Jakarta,tobagoes.com – Rancangan Undang-Undang Perampasan Aset Tindak Pidana (RUU PATP) kembali menjadi sorotan setelah muncul target pengesahan paling lambat Desember 2026.
Badan Peneliti Independen Kekayaan Penyelenggara Negara dan Pengawas Anggaran Republik Indonesia (BPI KPNPA RI) menyambut positif rencana tersebut. Namun, organisasi itu mengingatkan agar penerapan aturan nantinya tidak membuka ruang penyalahgunaan kewenangan.
Ketua Umum BPI KPNPA RI, Tubagus Rahmad Sukendar, meminta pembahasan RUU Perampasan Aset tetap berorientasi pada pemberantasan korupsi dan kejahatan serius.
“RUU ini harus memiliki dimensi dan roh pemberantasan korupsi sesuai dengan yang menjadi komitmen Presiden Prabowo Subianto.
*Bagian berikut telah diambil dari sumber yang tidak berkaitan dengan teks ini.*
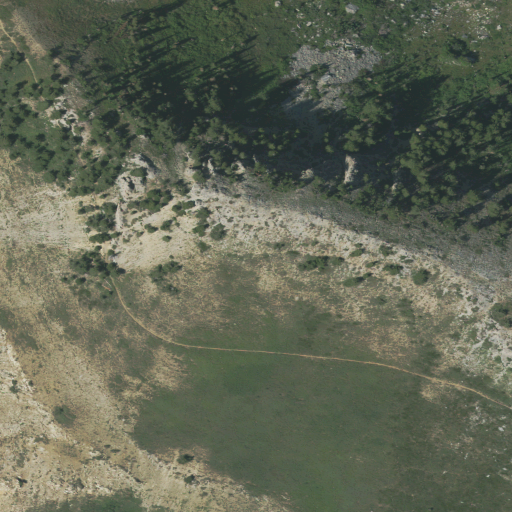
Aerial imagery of mountain in Utah named Chilly Peak containing shrub, evergreen forest, deciduous forest, mixed forest, and grassland

Jadi, jangan main-main lagi dengan RUU ini,” tegas Rahmad kepada wartawan di Jakarta, Selasa (1/9/2026).
RUU Perampasan Aset Mencakup 13 Jenis Tindak Pidana
Rahmad menilai perluasan cakupan RUU Perampasan Aset menjadi 13 jenis tindak pidana merupakan langkah maju dalam memperkuat penegakan hukum.
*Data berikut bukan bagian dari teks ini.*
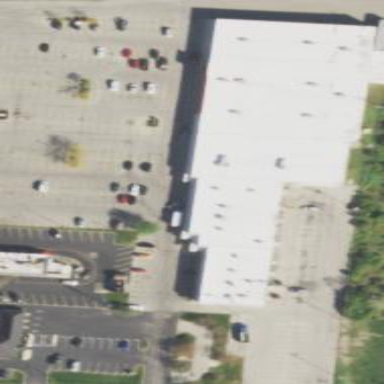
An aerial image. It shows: Building that houses supermarket.

Ke-13 tindak pidana tersebut meliputi korupsi, narkotika, terorisme, penyelundupan manusia atau senjata, kehutanan, lingkungan hidup, perpajakan, perbankan, perasuransian, pertambangan, kelautan dan perikanan, serta perdagangan orang.
Menurut Rahmad, cakupan yang luas tersebut harus diikuti dengan rumusan pasal yang jelas agar tidak menimbulkan persoalan baru dalam penerapannya.
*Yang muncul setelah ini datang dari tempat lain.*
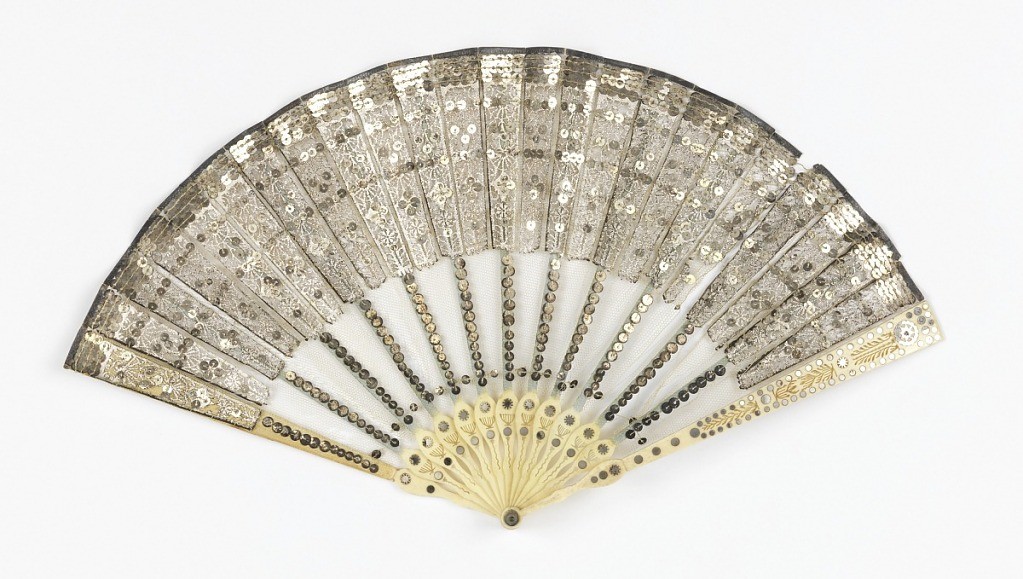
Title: Pleated fan
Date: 1810–1829
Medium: Cut paper leaf backed with silk gauze and tulle, embroidered with sequins; carved ivory sticks inlaid with steel spangles
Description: Folding fan with carved ivory sticks inlaid with steel spangles. Leaf is silver cut paper backed with silk gauze and silk tulle, and ornamented with silver sequins.

Ia menegaskan, kekuatan hukum untuk merampas aset harus tetap dibatasi prinsip due process of law.
“Perampasan aset harus berbasis pembuktian yang kuat dan mekanisme pengawasan yang transparan. Jangan sampai instrumen hukum berubah menjadi alat kepentingan politik,” katanya.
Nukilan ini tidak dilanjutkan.